With two hockey boys in the house, we're at the rink 4 or 5 days a week.  So I figured we'd give them even more ice time with a backyard rink this year!  (Okay, maybe it's just a cool project to keep daddy preoccupied)  Did a 20'x40' on the flattest spot in my yard - still had 6" variation corner-to-corner.  I used 16" high 23/32" PT plywood (5 sheets ripped in thirds) screwed up against 2"x2"x24" PT stakes every 2 feet or so (a few extras in the deep corner), and dropped a 25'x45' plastic NiceRink liner (they sell this size fairly cheap as a replacement to their rink-in-a-box kit).  Put up the boards Thanksgiving weekend and have been lamenting the forecast ever since.  Finally got the chill now, so filled it last night and had near an inch frozen by morning, with sub-freezing expected through Saturday!  Even with all the skating the boys do, they are psyched to have a rink right out their back door (thus validating my efforts!).
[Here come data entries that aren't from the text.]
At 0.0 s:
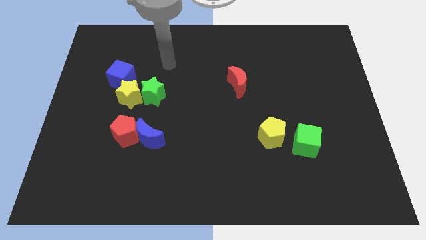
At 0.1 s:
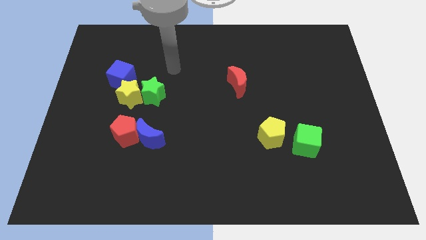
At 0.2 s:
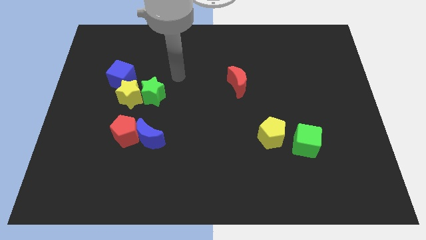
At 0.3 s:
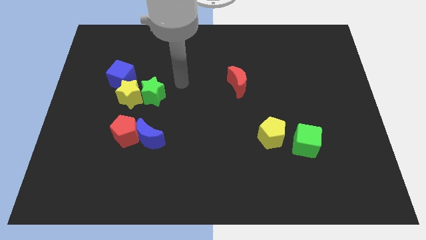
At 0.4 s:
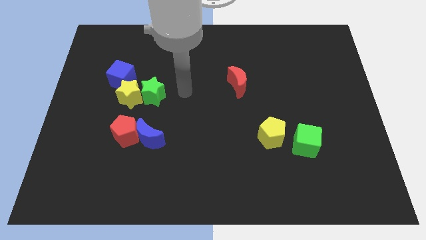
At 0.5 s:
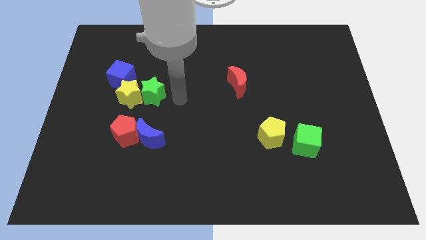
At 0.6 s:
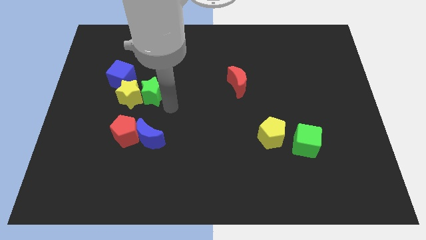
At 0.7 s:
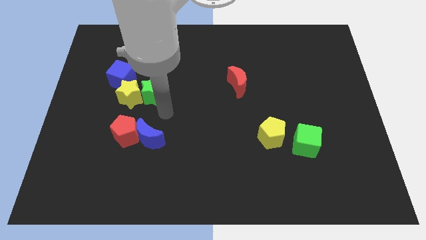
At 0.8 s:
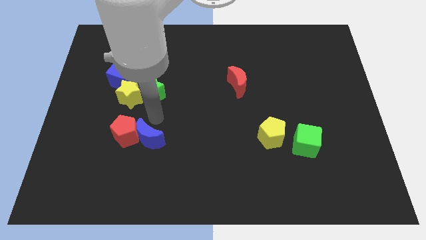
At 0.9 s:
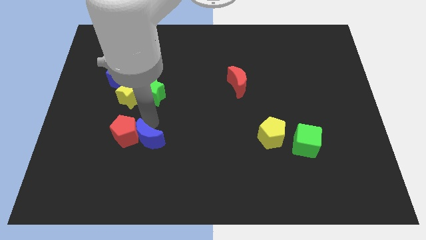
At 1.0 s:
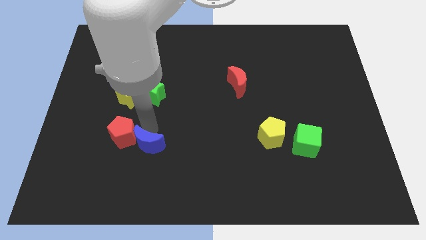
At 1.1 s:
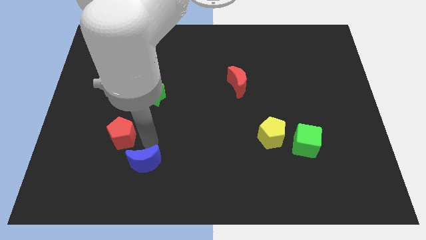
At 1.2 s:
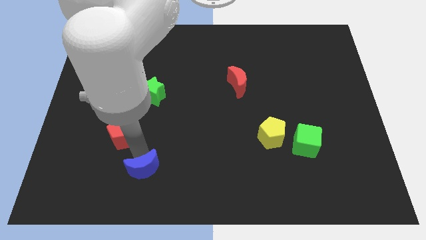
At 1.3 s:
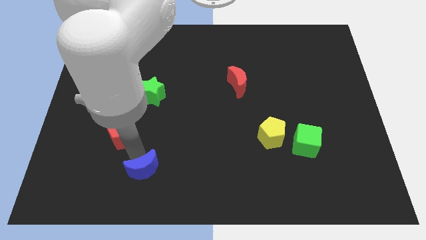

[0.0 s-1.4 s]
move the red pentagon away from the blue moon

Anybody else have a rink to share?


----------



## Swedishchef (Dec 31, 2014)

Pellet_Pete said:


> With two hockey boys in the house, we're at the rink 4 or 5 days a week.  So I figured we'd give them even more ice time with a backyard rink this year!  (Okay, maybe it's just a cool project to keep daddy preoccupied)  Did a 20'x40' on the flattest spot in my yard - still had 6" variation corner-to-corner.  I used 16" high 23/32" PT plywood (5 sheets ripped in thirds) screwed up against 2"x2"x24" PT stakes every 2 feet or so (a few extras in the deep corner), and dropped a 25'x45' plastic NiceRink liner (they sell this size fairly cheap as a replacement to their rink-in-a-box kit).  Put up the boards Thanksgiving weekend and have been lamenting the forecast ever since.  Finally got the chill now, so filled it last night and had near an inch frozen by morning, with sub-freezing expected through Saturday!  Even with all the skating the boys do, they are psyched to have a rink right out their back door (thus validating my efforts!).
> 
> Anybody else have a rink to share?
> 
> View attachment 149018


I don't have any pics. But as far as I am concerned, that is one of the biggest outdoor rinks I have ever seen! My cousin built one that is 16X32 and it's big. Yours is a bohemoth!
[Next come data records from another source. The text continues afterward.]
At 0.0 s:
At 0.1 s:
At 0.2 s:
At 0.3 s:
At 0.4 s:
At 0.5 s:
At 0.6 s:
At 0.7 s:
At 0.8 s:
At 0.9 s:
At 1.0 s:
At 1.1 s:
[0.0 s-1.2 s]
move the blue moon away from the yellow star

Well done Pete! You deserve a "father of the year" award.

You should sign up for this:
http://www.rinkwatch.org/
A friend of mine is taking part in it. It's a great idea.

Andrew


----------



## Pellet_Pete (Jan 1, 2015)

Swedishchef said:


> I don't have any pics. But as far as I am concerned, that is one of the biggest outdoor rinks I have ever seen! My cousin built one that is 16X32 and it's big. Yours is a bohemoth!
> 
> Well done Pete! You deserve a "father of the year" award.
> 
> ...



Thanks Andrew.  I have the kids putting the finishing touches on my father-of-the-year application .  And thanks for the lead on rinkwatch too - can't hurt to add citizen science to a backyard rink!  

Funny that you think 20x40 is big because I've done nothing but think how I could probably do a 30x60 next year, LOL.

Not even 36 hours of freezing and I think there will be enough ice for the kids today!  Happy New Year!


----------



## Swedishchef (Jan 1, 2015)

That's awesome Pete. Seriously. I have an outdoor town rink 1200 feet from my place, with lights and all. I can't say I'll make a rink: i'll go to the one with floodlights, a heated changing room and boards that is 1/4 mile from here   Next house maybe!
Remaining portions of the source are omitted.